Chairman of Lloyd’s who led the insurance market through the trauma of its largest ever loss, £5 billion, in September 2001

IT WAS the events of September 11, 2001 that pushed a somewhat reluctant Sax Riley into the centre of the international insurance arena. Although renowned within the London insurance market as a plain-speaking Lancastrian, the then Chairman of Lloyd’s of London had kept a much lower profile than his predecessors, instead seeing his role as driving the reform of the 300-year-old institution.

The destruction of the World Trade Centre pushed Riley into the limelight, as Lloyd’s ultimately faced more than £5 billion in gross claims. Riley insisted on being seen to lead Lloyd’s presence in the US, and New York in particular, in the immediate aftermath of the attacks, and within days he visited Ground Zero.

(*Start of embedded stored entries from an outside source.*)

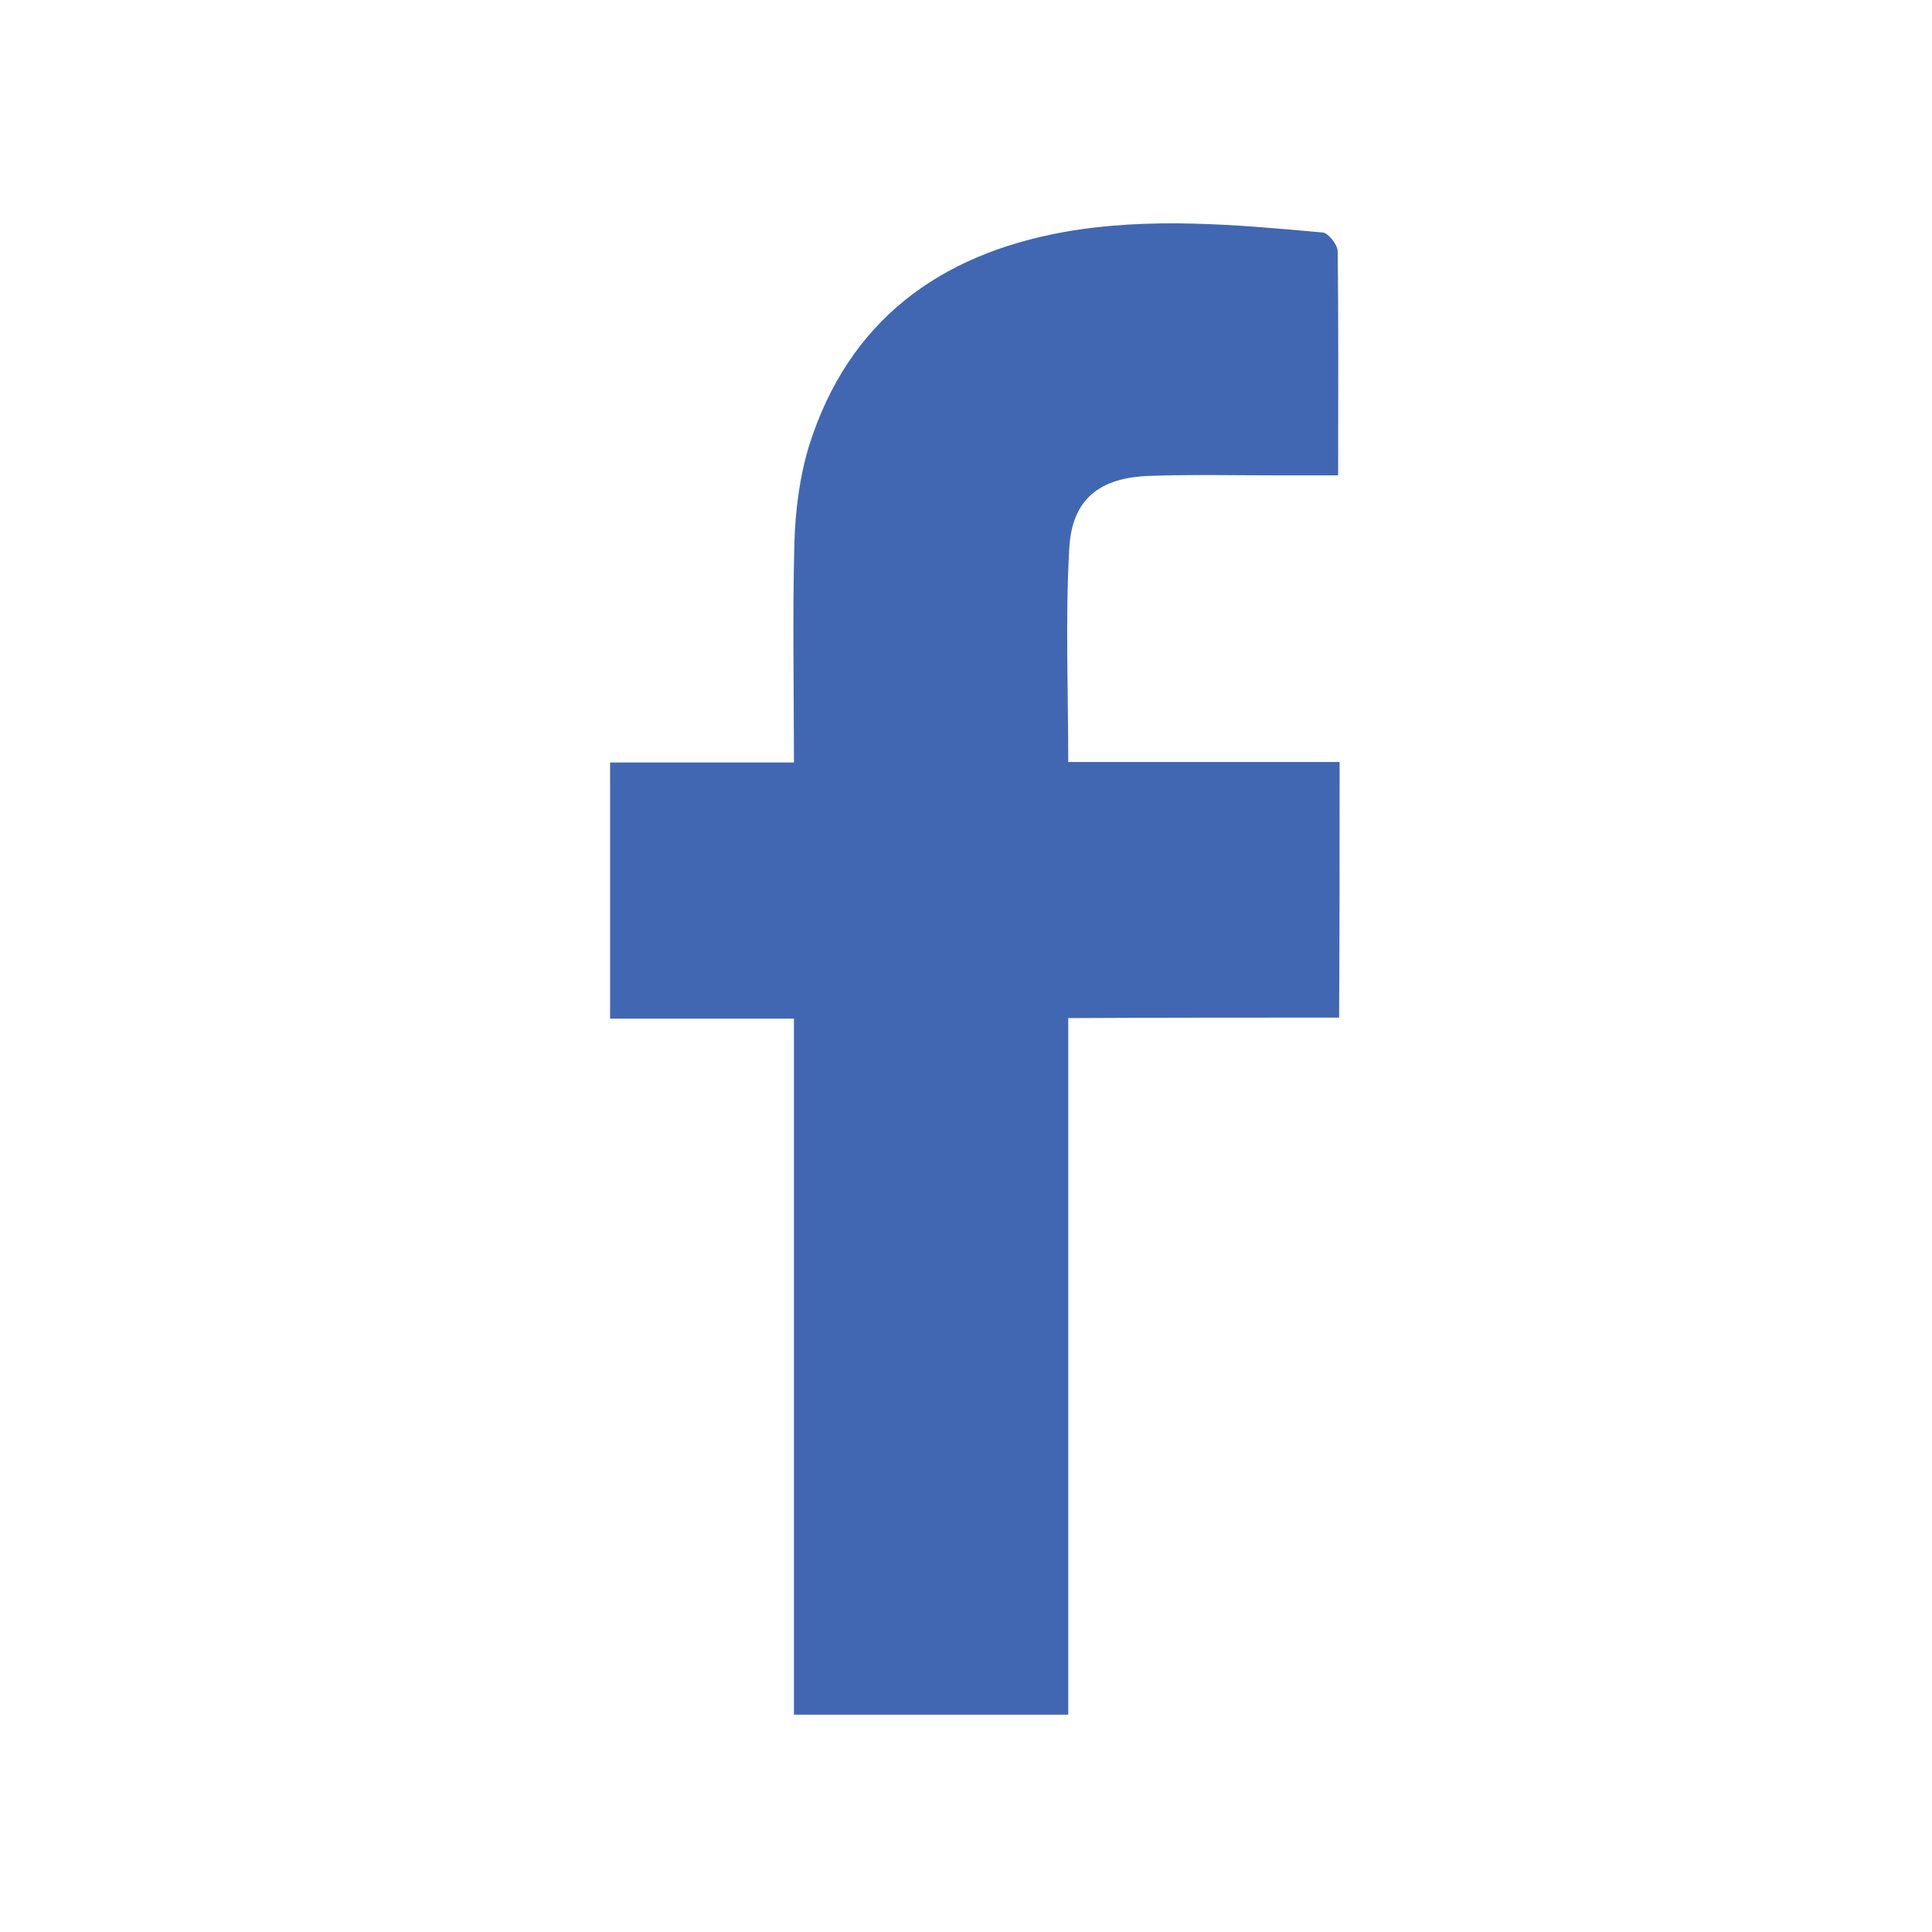 <?xml version="1.0" encoding="utf-8"?>
<!-- Generator: Adobe Illustrator 23.1.0, SVG Export Plug-In . SVG Version: 6.00 Build 0)  -->
<svg version="1.1" id="Слой_1" xmlns="http://www.w3.org/2000/svg" xmlns:xlink="http://www.w3.org/1999/xlink" x="0px" y="0px"
	 viewBox="0 0 393 393" style="enable-background:new 0 0 393 393;" xml:space="preserve">
<g>
	<path style="fill: #4267B2;" d="M124.1,207.2v-52.1h37.4c0-15.4-0.3-30.2,0.1-44.9c0.2-6.6,1.1-13.4,3-19.6c8-25.3,26.4-38.8,51.8-43.4
		c17.5-3.1,35.1-1.5,52.7,0.1c1.1,0.1,3,2.5,3,3.8c0.2,14.9,0.1,29.9,0.1,45.6c-5,0-8.6,0-12.2,0c-8.7,0-17.3-0.2-26,0.1
		c-10.3,0.3-16,4.7-16.5,14.9c-0.8,14.2-0.2,28.6-0.2,43.3h55.2c0,17.3,0,34.7-0.1,52c-18.4,0-36.8,0-55.1,0.1v141.7h-55.8V207.2
		H124.1z"/>
</g>
</svg>

The group of three who went to the site of the twin towers included a young state trooper who was clearly traumatised by the destruction he was witnessing. Riley — not renowned for his empathy within the business environment — comforted the trooper, and over the next few days spoke to many businesses within the insurance sector which had lost many of their people in the collapse of the towers. Riley’s compassion during that period won him many supporters in the weeks and months following the disaster, as he blossomed into an international leadership role for the global insurance industry.

Riley’s rise to become the figurehead of the insurance industry after 9/11 belied his humble roots, of which he always remained proud. Born in West Didsbury in 1939, Saxon Riley attended Chorlton Grammar School and was a noted sportsman, particularly on the football field. He eschewed a professional footballer’s life for the insurance industry, however, and after National Service he joined Cornhill in Manchester before moving to the family broking firm of Schofields, which nurtured his talent.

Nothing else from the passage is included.